Recently I read Rachel Maddow’s book, Drift: The Unmooring of American Military Power (2012). I’m a bit late to this party, perhaps, but the book brought some issues into sharp focus for me. In particular, this issue of privatizing services – in the case of Maddow’s book it’s military services – that were once performed by our government. Now we pay for them. (Note: I wrote more on Maddow's book here)
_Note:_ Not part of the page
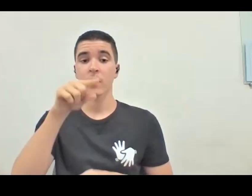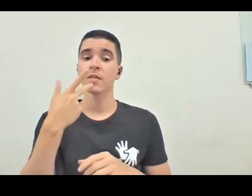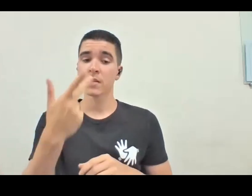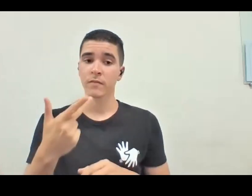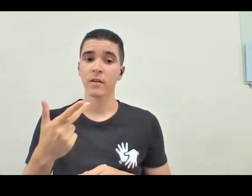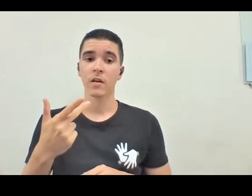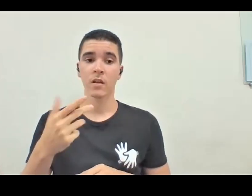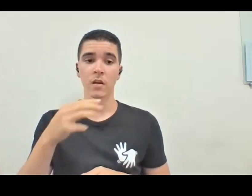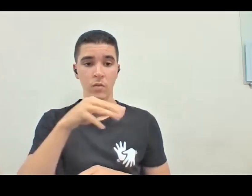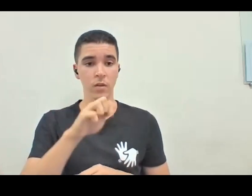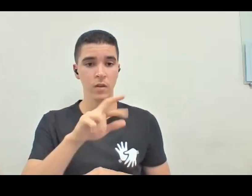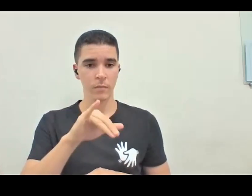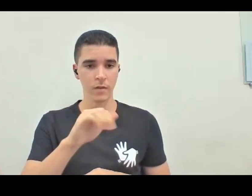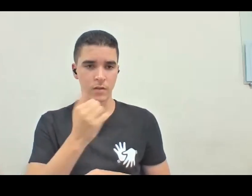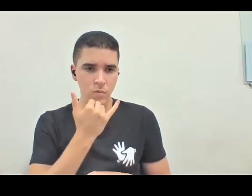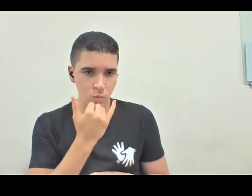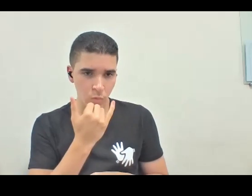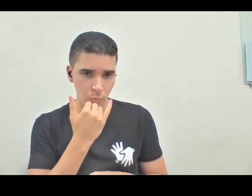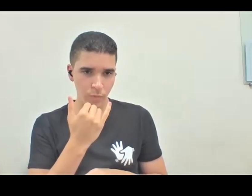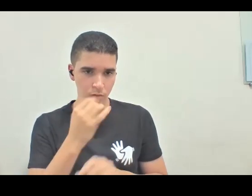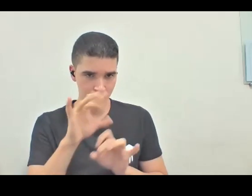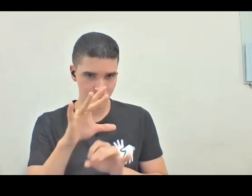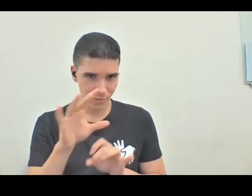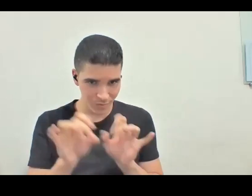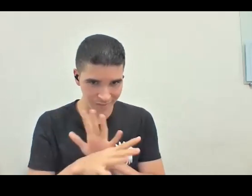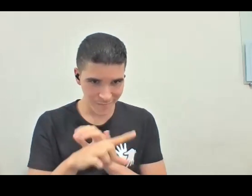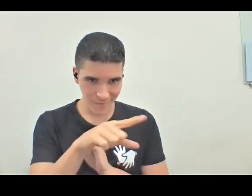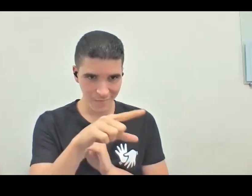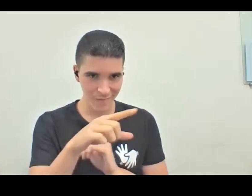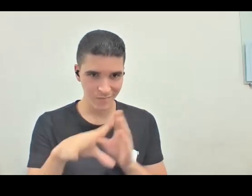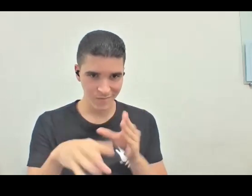desculpa, Maria, deixa eu só terminar, isso aqui, pra você complementar,

In the Iraq War we saw the explosive growth of contract workers used for military and political purposes. The Washington Post wrote in 2006 that there were 100,000 private contractors in Iraq. But even before that we were moving in this direction. Maddow tells us that in,
1992, the US Department of Defense did a few hundred million dollars worth of business with companies like Brown & Root Services Corporation, which was owned by Halliburton with Dick Cheney as CEO. By the time President Clinton left office, the Department of Defense had formalized more than three thousand contracts valued at around $300 billion. The Pentagon wasn’t even able to state definitively how many private workers were on the military’s payroll through these contracts – estimates ranged from 125,000 people up to 600,000. (p. 174)
The Iraq War gave us a chance to see the process in a “real war” and it seems certain that we’ll see more wars and “conflicts” and “interventions” run this way. It’s a political win-win situation. No draft – because certainly politicians are good enough historians to have learned that lesson. And public willingness to support the war may have waned far sooner if young Americans from Main Street had been subject to a draft.
So, the brunt was borne by the consultants — about whom it has been pointed out were paid to take that risk — and there wasn’t any political hazard in it for the “deciders” in Washington. We have privatized violence.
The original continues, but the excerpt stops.